Where the line containing "A person holds" appears, start repeating, and continue exactly through the last line below, adding nothing. Include no pictures.

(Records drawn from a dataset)

# # # # #

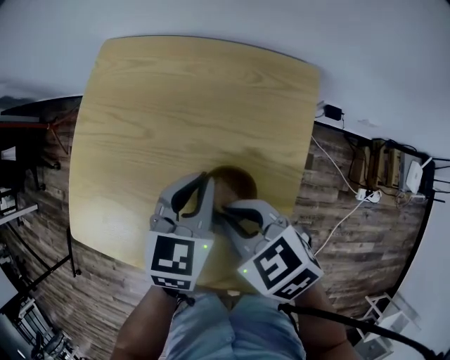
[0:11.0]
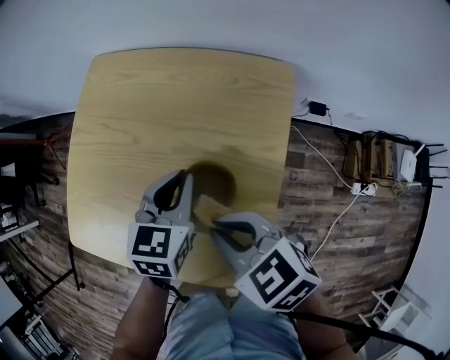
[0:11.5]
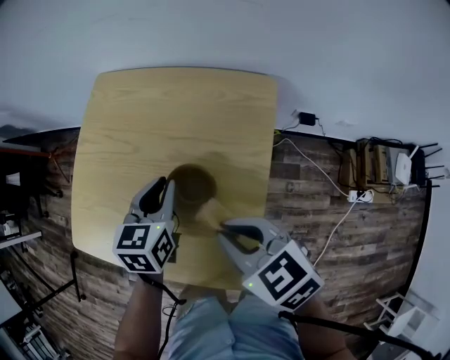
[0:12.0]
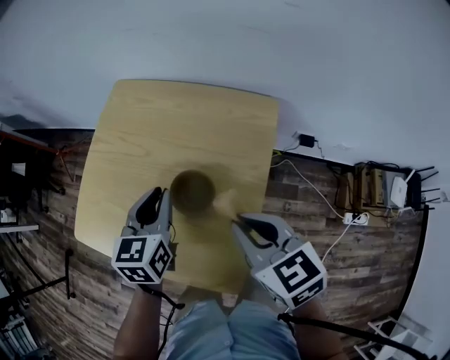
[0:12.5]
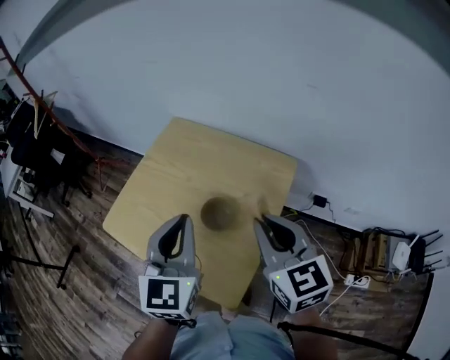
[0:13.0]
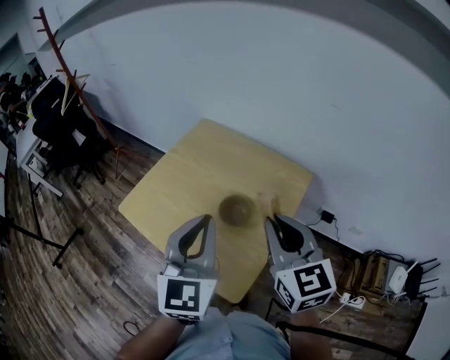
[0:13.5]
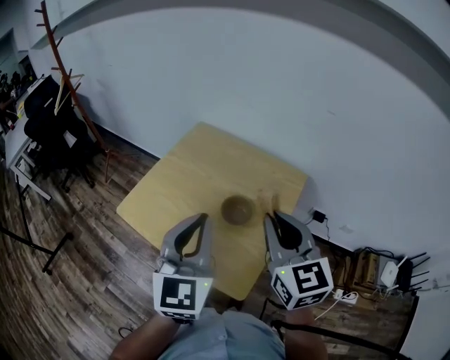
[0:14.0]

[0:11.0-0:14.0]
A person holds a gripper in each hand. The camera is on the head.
0:11.0 to 0:12.5: The right gripper travels upward, to the right and backward by some 15 cm, and swivels about 20 degrees; the left gripper travels to the left and upward by approximately 5 cm.
0:12.5 to 0:14.0: The right gripper heads upward, covering some 15 cm, and rotates about 30 degrees; the left gripper heads upward and backward, covering approximately 25 cm, and changes its angle by approximately 30 degrees.

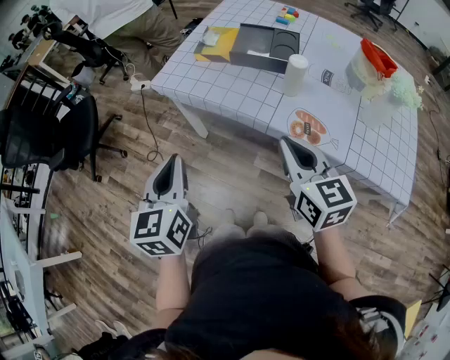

# # # # #

Reply:
A person holds a gripper in each hand. The camera is on the head.
0:11.0 to 0:12.5: The right gripper travels upward, to the right and backward by some 15 cm, and swivels about 20 degrees; the left gripper travels to the left and upward by approximately 5 cm.
0:12.5 to 0:14.0: The right gripper heads upward, covering some 15 cm, and rotates about 30 degrees; the left gripper heads upward and backward, covering approximately 25 cm, and changes its angle by approximately 30 degrees.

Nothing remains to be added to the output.